With the line containing "cover by kind: herbaceous plants 100 %" as the final line, restate exactly every line of the data below from the first one onward, and copy no pictures.

════

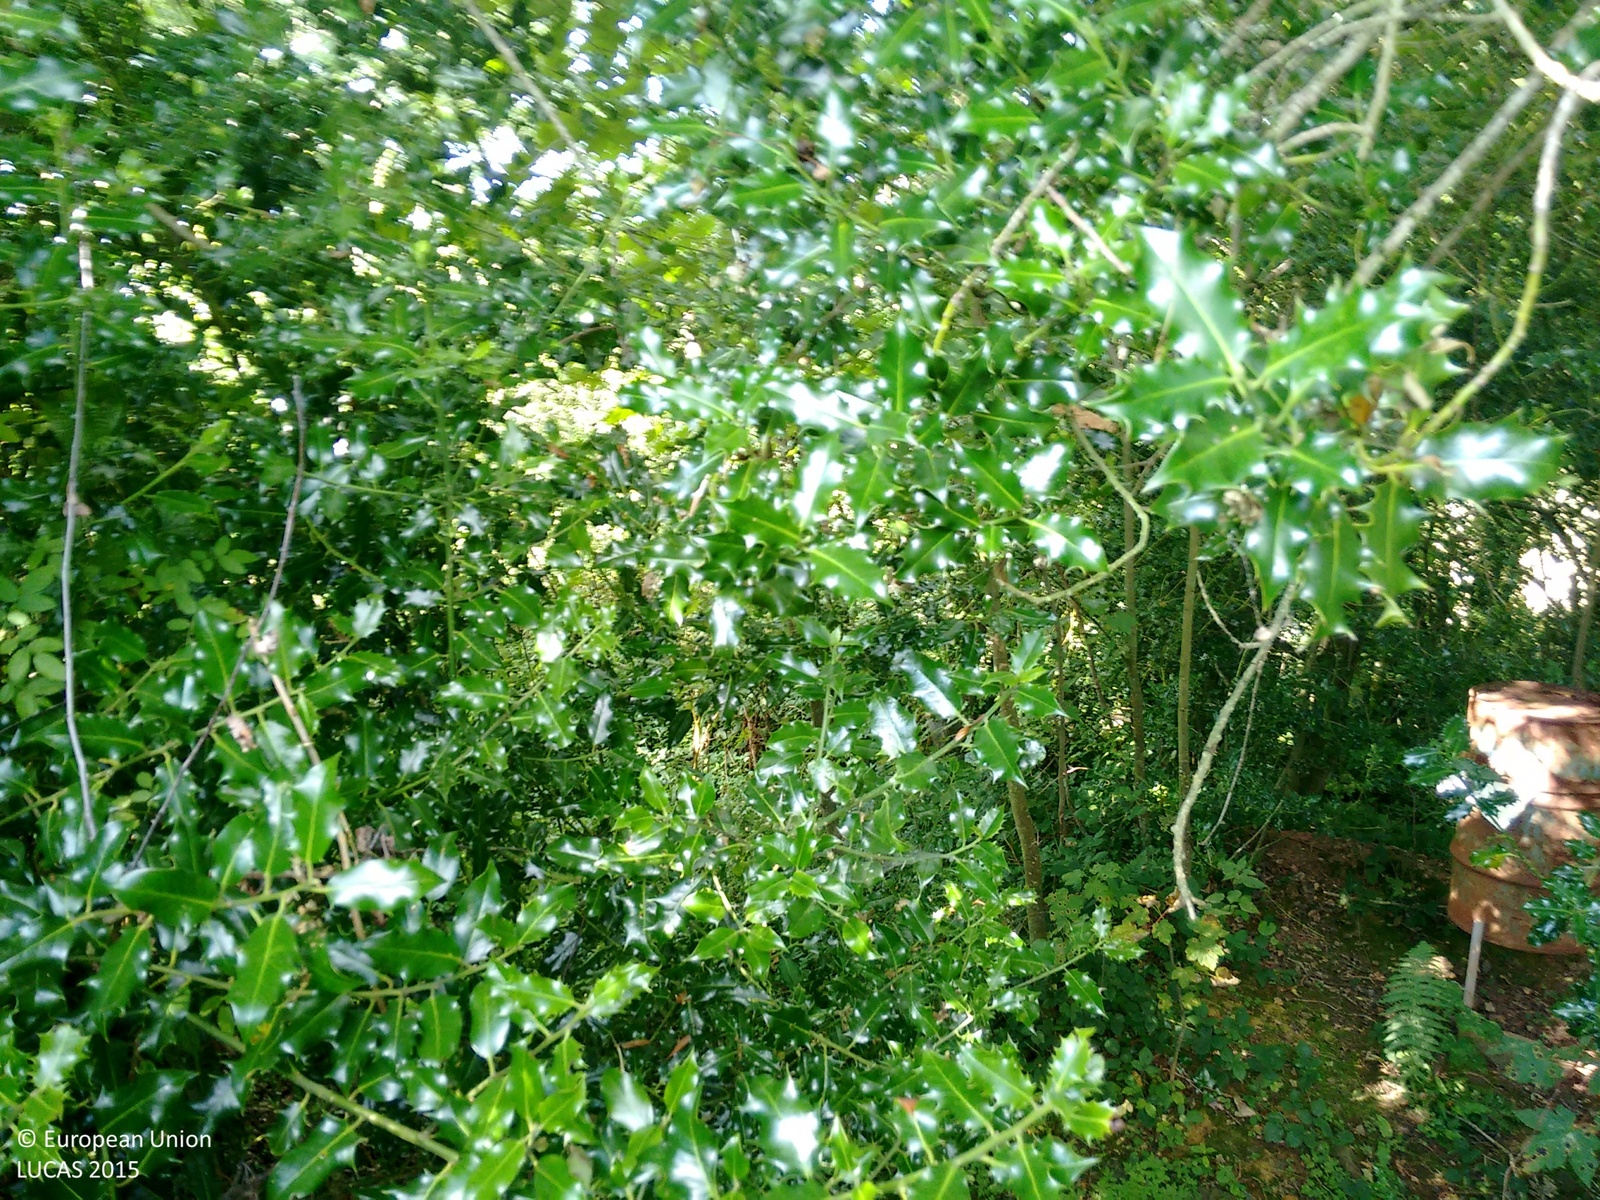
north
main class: Woodland
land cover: Broadleaved woodland
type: acidophilous oak and oak-birch forest
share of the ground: > 75 %
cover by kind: broadleaved forest trees 100 %
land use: Semi-natural and natural areas not in use
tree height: > 5 m
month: September
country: GB
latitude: 50.9897
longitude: -4.1880
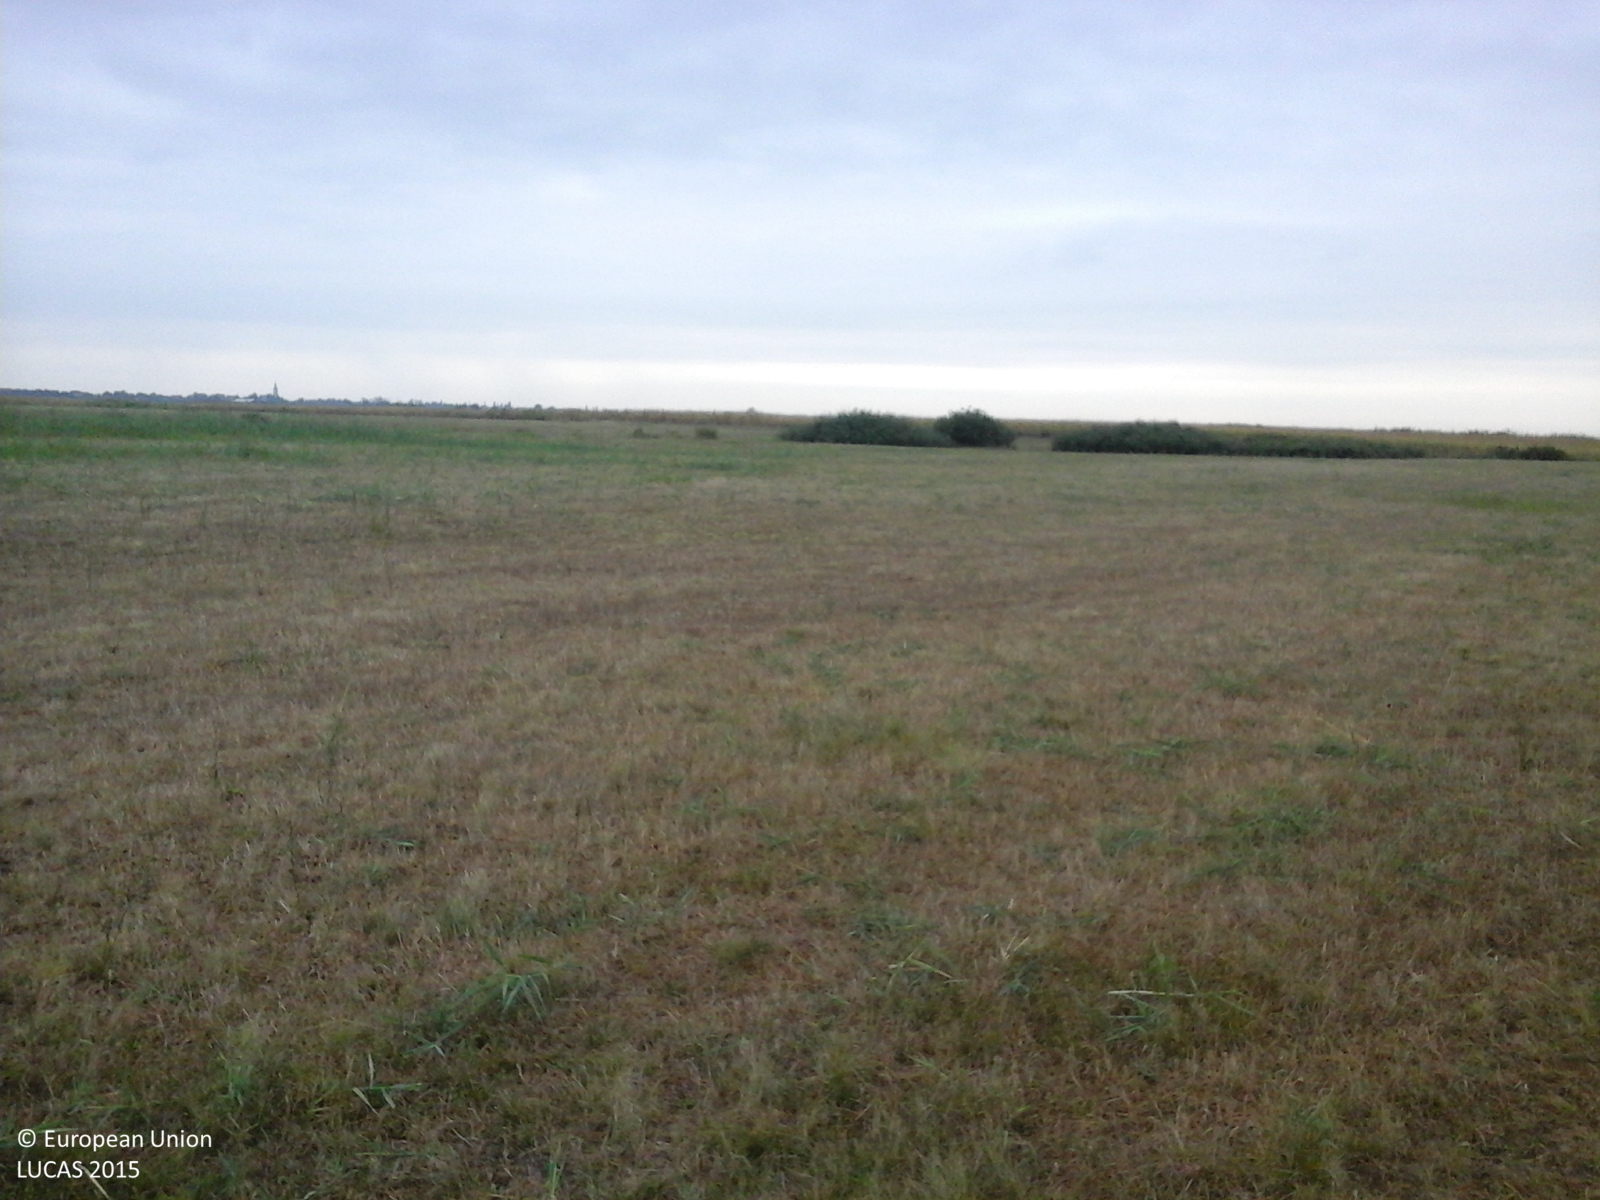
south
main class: Grassland
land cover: Grassland without tree/shrub cover
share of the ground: > 75 %
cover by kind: herbaceous plants 100 %
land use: Agriculture (excluding fallow land and kitchen gardens)
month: August
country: RO
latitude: 45.6727
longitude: 21.0032
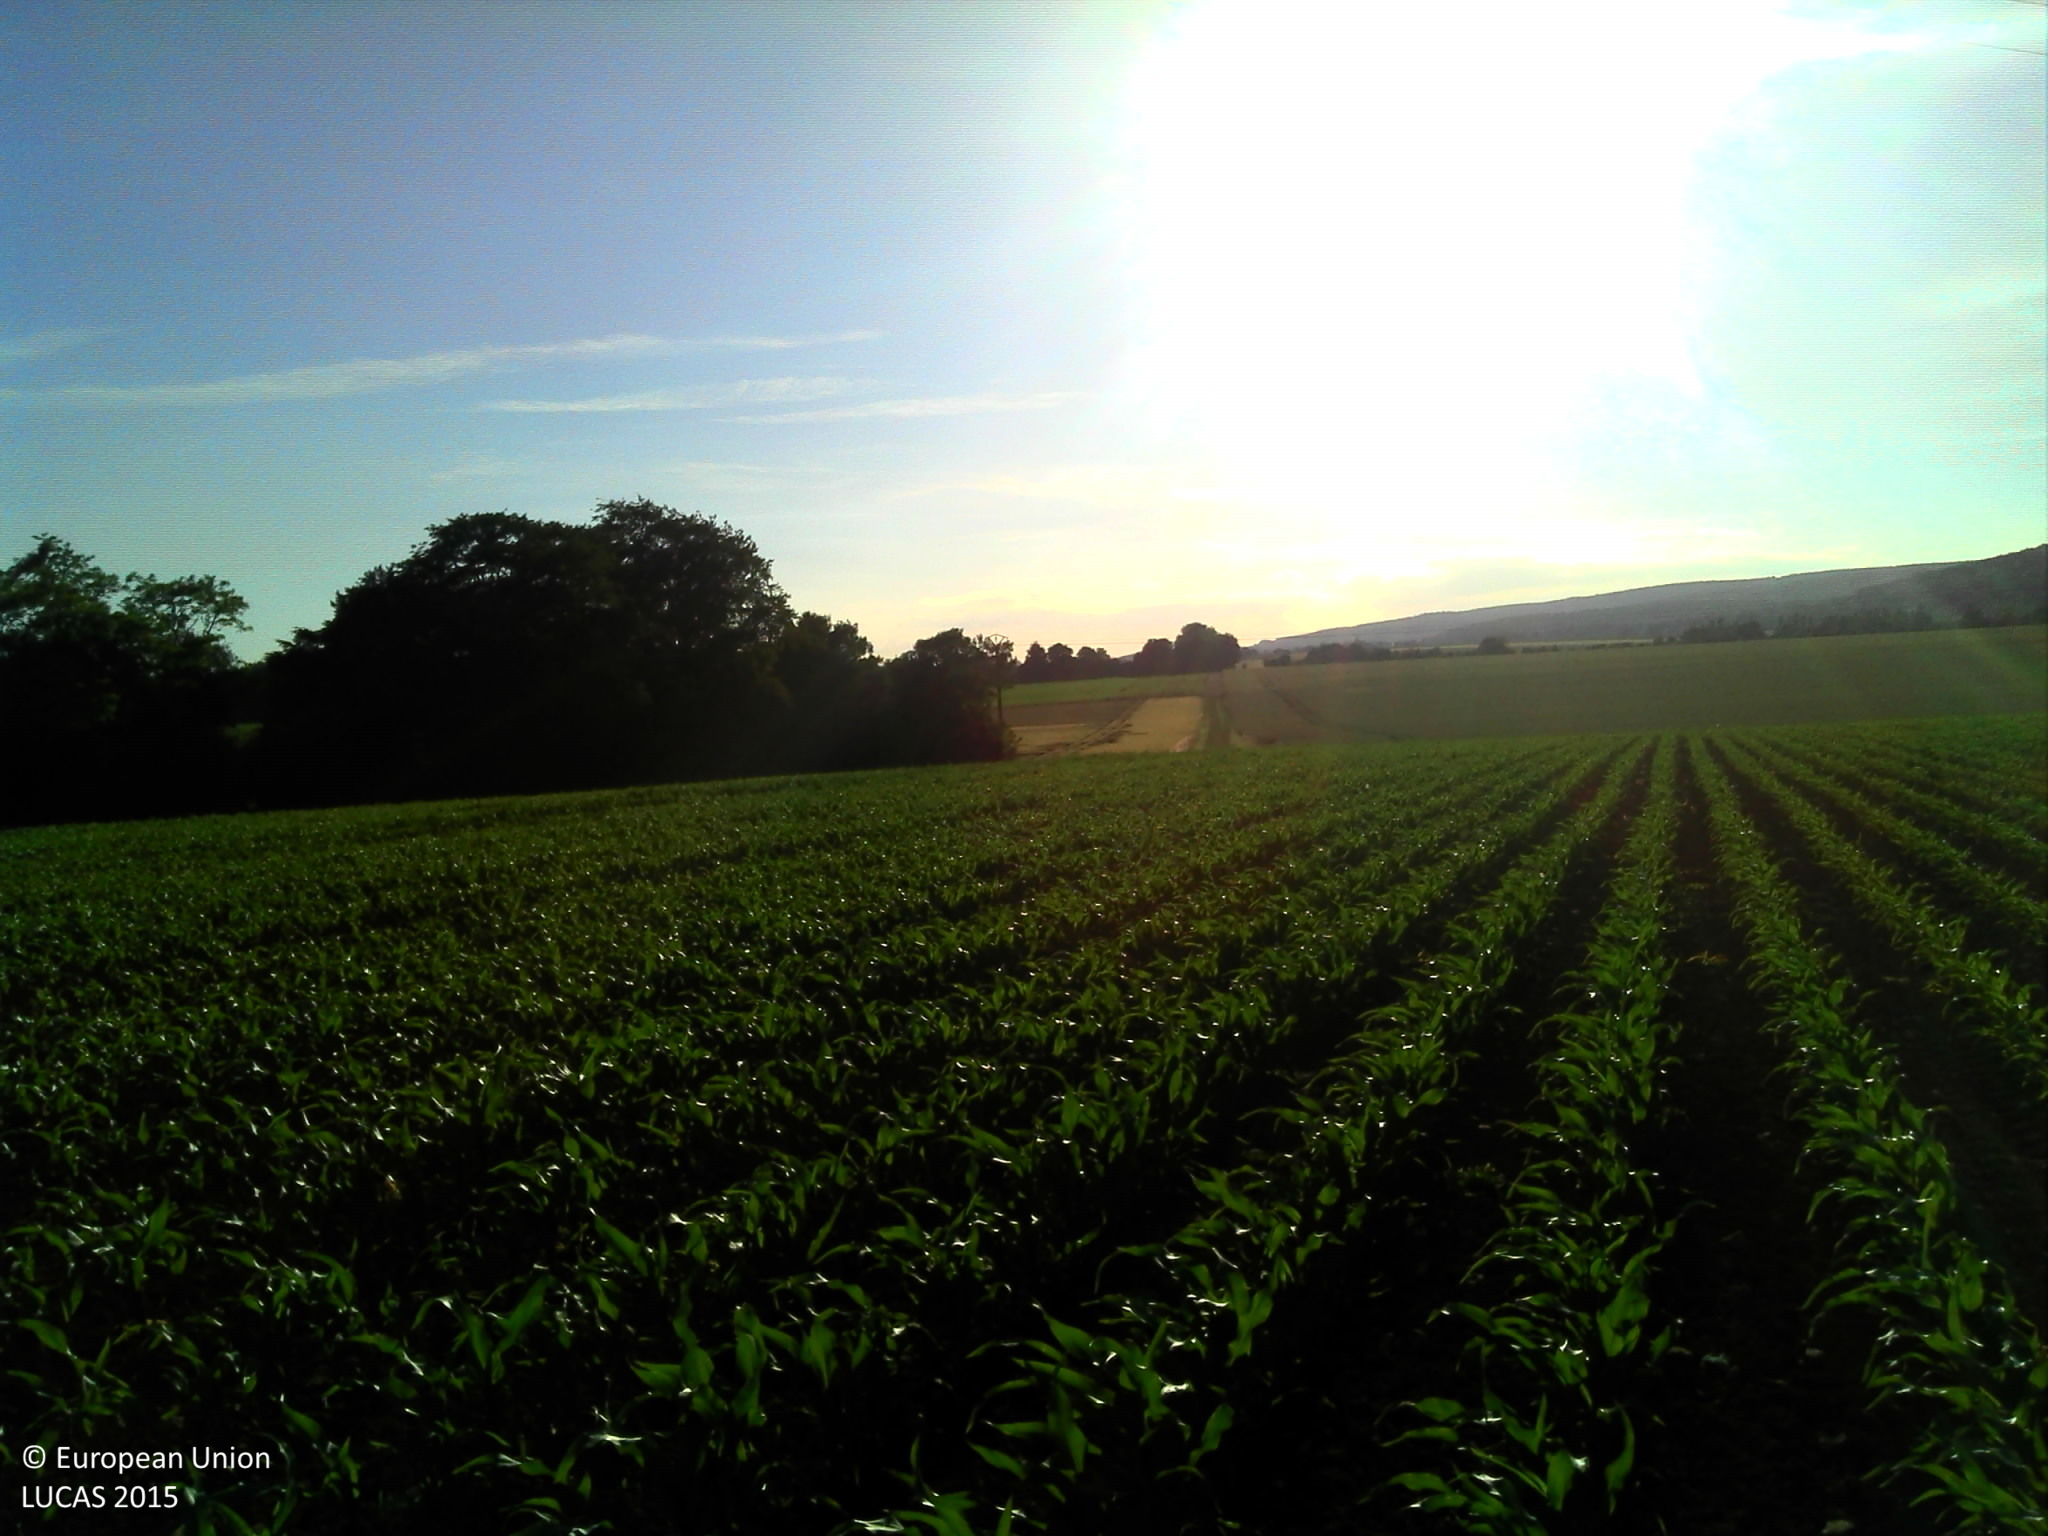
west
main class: Cropland
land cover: Maize
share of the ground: 25 - 50 %
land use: Agriculture (excluding fallow land and kitchen gardens)
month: June
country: FR
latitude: 48.4846
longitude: 0.1085

════

» **ANSWER AREA**
north
main class: Woodland
land cover: Broadleaved woodland
type: acidophilous oak and oak-birch forest
share of the ground: > 75 %
cover by kind: broadleaved forest trees 100 %
land use: Semi-natural and natural areas not in use
tree height: > 5 m
month: September
country: GB
latitude: 50.9897
longitude: -4.1880
south
main class: Grassland
land cover: Grassland without tree/shrub cover
share of the ground: > 75 %
cover by kind: herbaceous plants 100 %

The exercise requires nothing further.